The competitive landscape of the AI chip market is undergoing structural transformation. Anthropic is exploring the possibility of developing its own chips, while Amazon is considering selling its internal chip business externally—both developments point to the same trend: technology companies are accelerating their search for alternatives to NVIDIA.
According to media reports citing three informed sources, AI startup Anthropic is evaluating the feasibility of designing its own chips to address the computational power shortages required for more advanced AI systems. Simultaneously, Amazon CEO Andy Jassy indicated that the company is weighing the possibility of selling its self-developed chips to external customers. Amazon's internal chip business is projected to generate annual revenues exceeding $20 billion, and if operated as an independent entity, it could reach approximately $50 billion in annualized revenue.
The simultaneous release of these two pieces of news puts pressure on NVIDIA's dominant position in the AI chip market. As cloud service providers and AI companies increase their investments in custom chips, market research firm TrendForce predicts that the shipment share of ASIC-based AI servers will rise from 27.8% in 2026 to nearly 40% by 2030, indicating long-term erosion for NVIDIA.
It is noteworthy that Anthropic's self-developed chip plan remains in its early stages and may ultimately not materialize, while Amazon's chips are currently offered through AWS on a rental basis. Nevertheless, these developments send a clear signal: major technology firms and AI companies are actively reducing their reliance on NVIDIA.
Anthropic's Chip Development: Early Planning Stage with Cost Barrier Around $500 Million
Anthropic's exploration of self-developed chips comes against a backdrop of rapidly expanding demand. The company disclosed this week that the annualized revenue of its AI model Claude has surpassed $30 billion, compared to just $9 billion by the end of 2025.
Media reports citing industry insiders reveal that the plan is still in its infancy, with the company yet to finalize a specific design approach or assemble a dedicated team. It may ultimately opt for direct procurement rather than in-house development. Industry experts estimate the cost of designing an advanced AI chip at approximately $500 million, covering engineer salaries and quality control investments in the manufacturing process.
Currently, Anthropic sources chips for training and running Claude from multiple providers, including AWS's Trainium, Alphabet's TPU, and NVIDIA's GPU. The exploration of self-developed chips reflects the company's intent to secure greater supply autonomy.
Meanwhile, Anthropic recently signed long-term agreements with Alphabet and Broadcom. Broadcom will provide Anthropic with approximately 3.5 gigawatts of AI computing resources using Alphabet's AI processors, with supply scheduled to commence in 2027. Broadcom has also entered a long-term partnership with Alphabet to develop and supply custom chips and related components for Alphabet's next-generation AI racks, with the collaboration extending until 2031. Exploring self-developed chips while securing external computing resources illustrates Anthropic's dual-track strategy to mitigate supply risks.
Amazon's Chip Sales: Transitioning from Cloud Infrastructure to Semiconductor Supplier
Amazon is studying the feasibility of selling its self-developed chips to external customers, moving beyond the current model of internal rental use within AWS. Andy Jassy stated that the company's internal chip business is expected to generate annual revenues exceeding $20 billion. If spun off as an independent entity supplying semiconductors to AWS customers and other third parties, it could achieve annualized revenues of around $50 billion.

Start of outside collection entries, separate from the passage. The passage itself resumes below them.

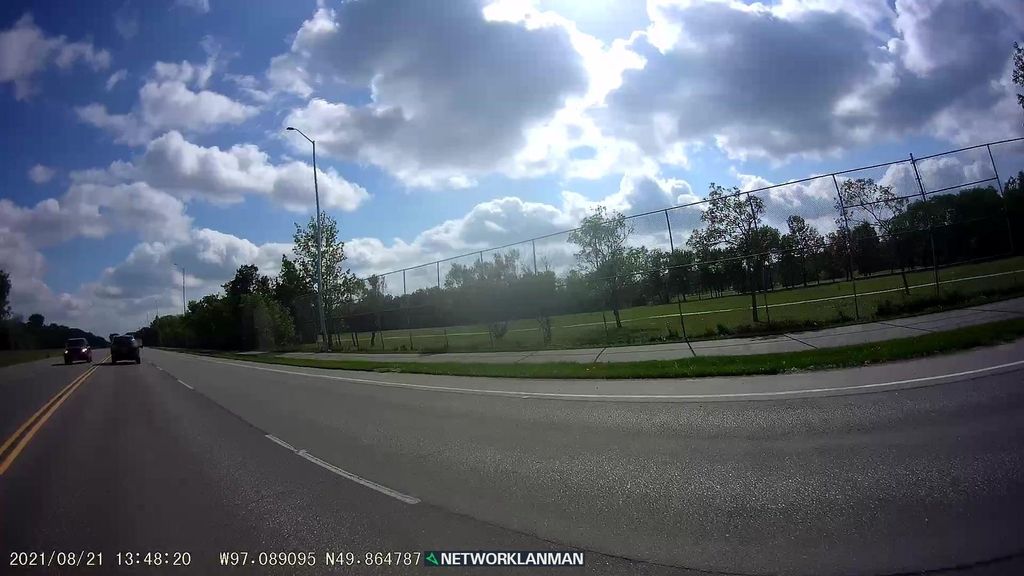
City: winnipeg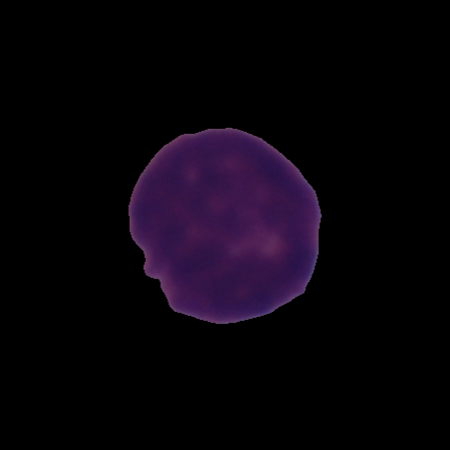
Label: cancer
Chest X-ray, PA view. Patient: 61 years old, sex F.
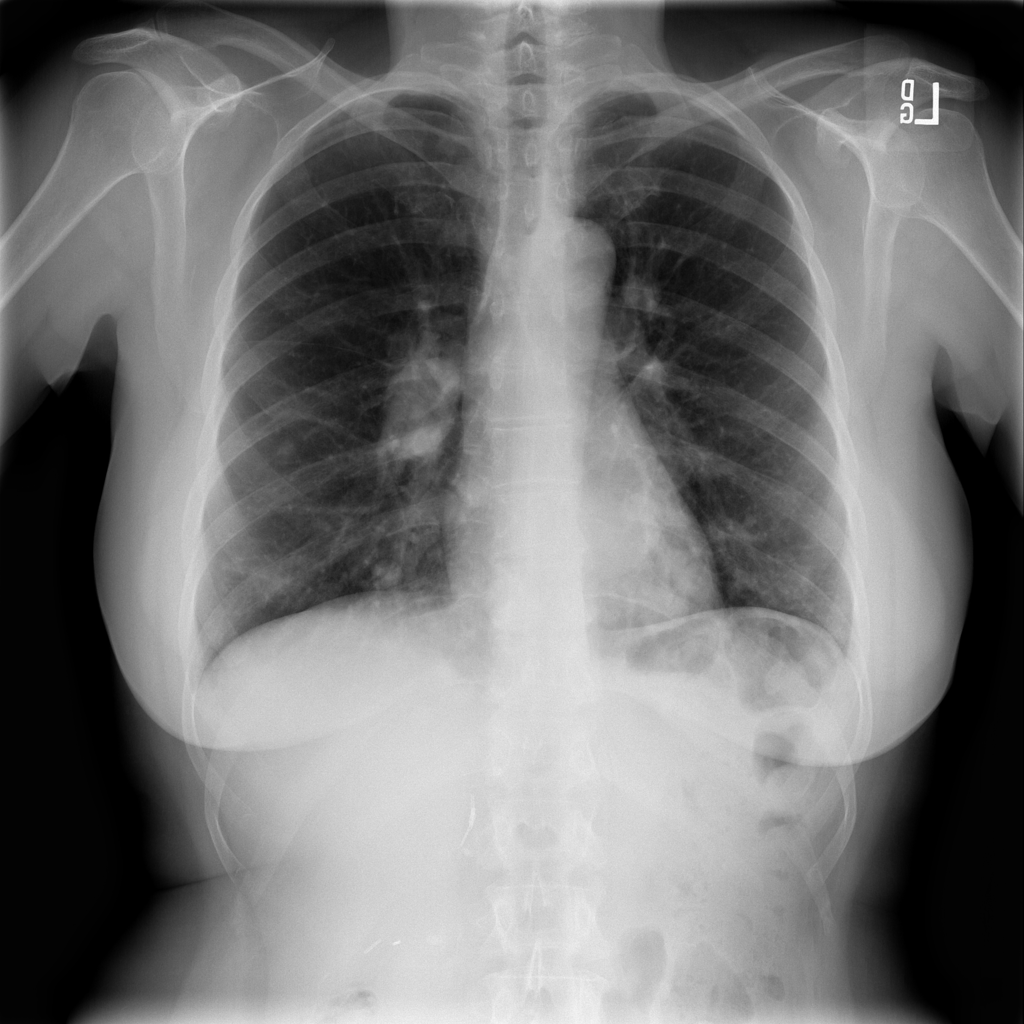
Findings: Mass, Nodule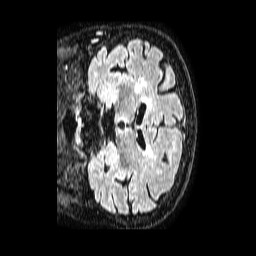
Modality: FLAIR
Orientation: coronal
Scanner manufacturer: philips
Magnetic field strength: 1.5 T
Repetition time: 4.8 s
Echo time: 0.3 s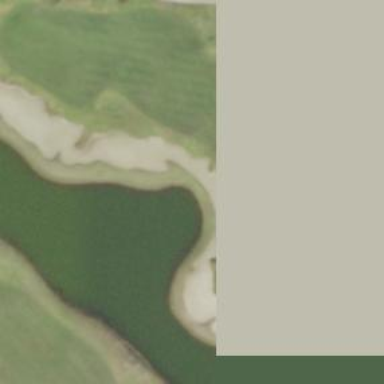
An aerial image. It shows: Sandy area is golf bunker.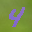
Label: 4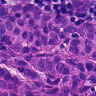
Metastatic tissue present: yes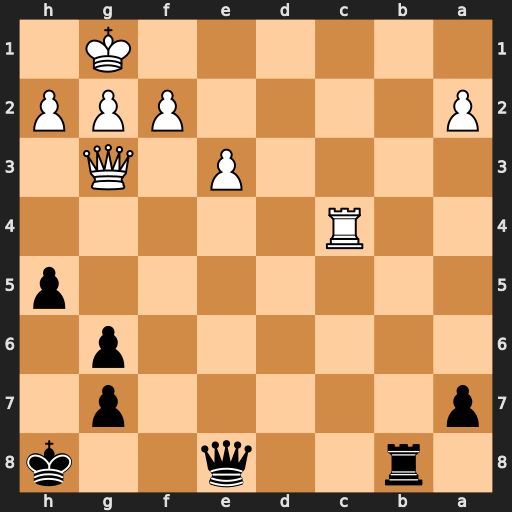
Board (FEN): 1r2q2k/p5p1/6p1/7p/2R5/4P1Q1/P4PPP/6K1
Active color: b
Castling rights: -
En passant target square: -
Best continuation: Rb1+ Rc1 Rxc1#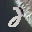
Label: 8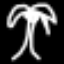
Label: palm tree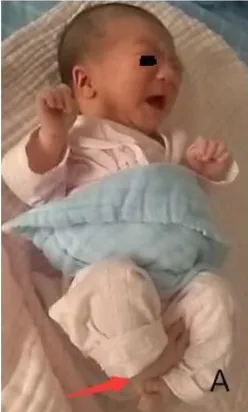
Phenotypes presented in the patient with KAT6B genetic variant. (A) Congenital horseshoe varus foot at birth.
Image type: medical_photograph (skin_photograph)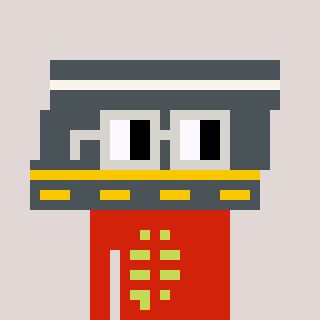
a pixel art character with square light gray glasses, a road-shaped head and a red-colored body on a warm background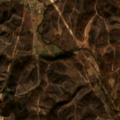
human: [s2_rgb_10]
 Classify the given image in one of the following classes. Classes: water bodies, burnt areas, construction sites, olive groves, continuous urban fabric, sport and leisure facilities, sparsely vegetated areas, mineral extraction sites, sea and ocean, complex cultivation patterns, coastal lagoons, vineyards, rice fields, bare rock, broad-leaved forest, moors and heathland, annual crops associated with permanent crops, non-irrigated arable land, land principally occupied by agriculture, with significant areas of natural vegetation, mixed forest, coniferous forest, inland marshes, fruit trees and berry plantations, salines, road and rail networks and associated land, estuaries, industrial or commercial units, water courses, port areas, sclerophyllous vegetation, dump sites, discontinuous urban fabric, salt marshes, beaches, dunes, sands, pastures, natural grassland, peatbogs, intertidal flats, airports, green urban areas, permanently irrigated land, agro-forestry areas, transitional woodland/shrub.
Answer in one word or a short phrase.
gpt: complex cultivation patterns, coniferous forest, transitional woodland/shrub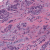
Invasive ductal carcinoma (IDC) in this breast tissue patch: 1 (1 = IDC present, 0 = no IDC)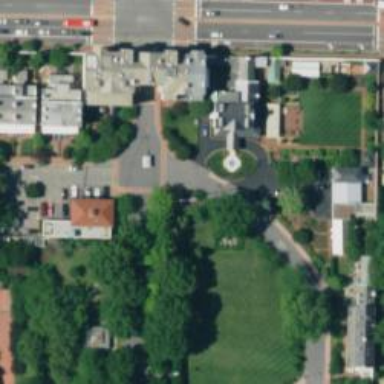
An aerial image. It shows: Memorial site with historic significance.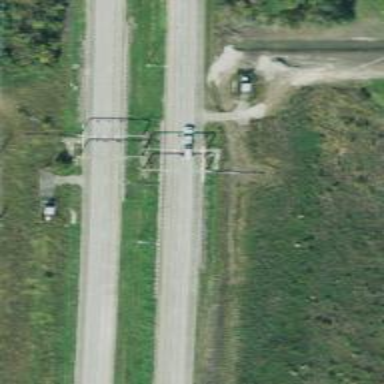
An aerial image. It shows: Toll gantry on the road.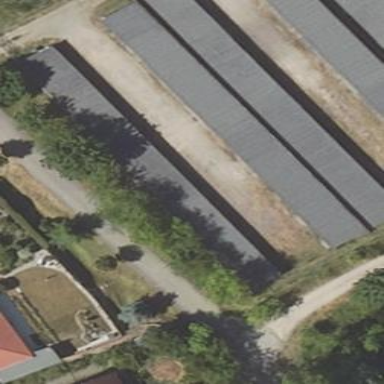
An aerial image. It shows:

The core driver behind this shift is the supply-demand tension in AI training processors. As computational demand surges, companies are actively seeking alternatives to NVIDIA's products, creating a market opportunity for Amazon to expand its chip sales business.
ASIC Expansion Puts Pressure on NVIDIA's Market Share
Anthropic and Amazon's strategies are not isolated cases. Reports indicate that Meta Platforms, Inc. and OpenAI are also advancing their respective chip development plans, highlighting a clear trend of major technology companies accelerating efforts in custom AI chips.
TrendForce data shows that as cloud service providers like Alphabet and Amazon continue to increase investments in internal chip development, the proportion of ASIC-based AI servers in total AI server shipments will gradually rise from 27.8% in 2026 to nearly 40% by 2030. NVIDIA's share in the AI computing market faces sustained, long-term structural pressure.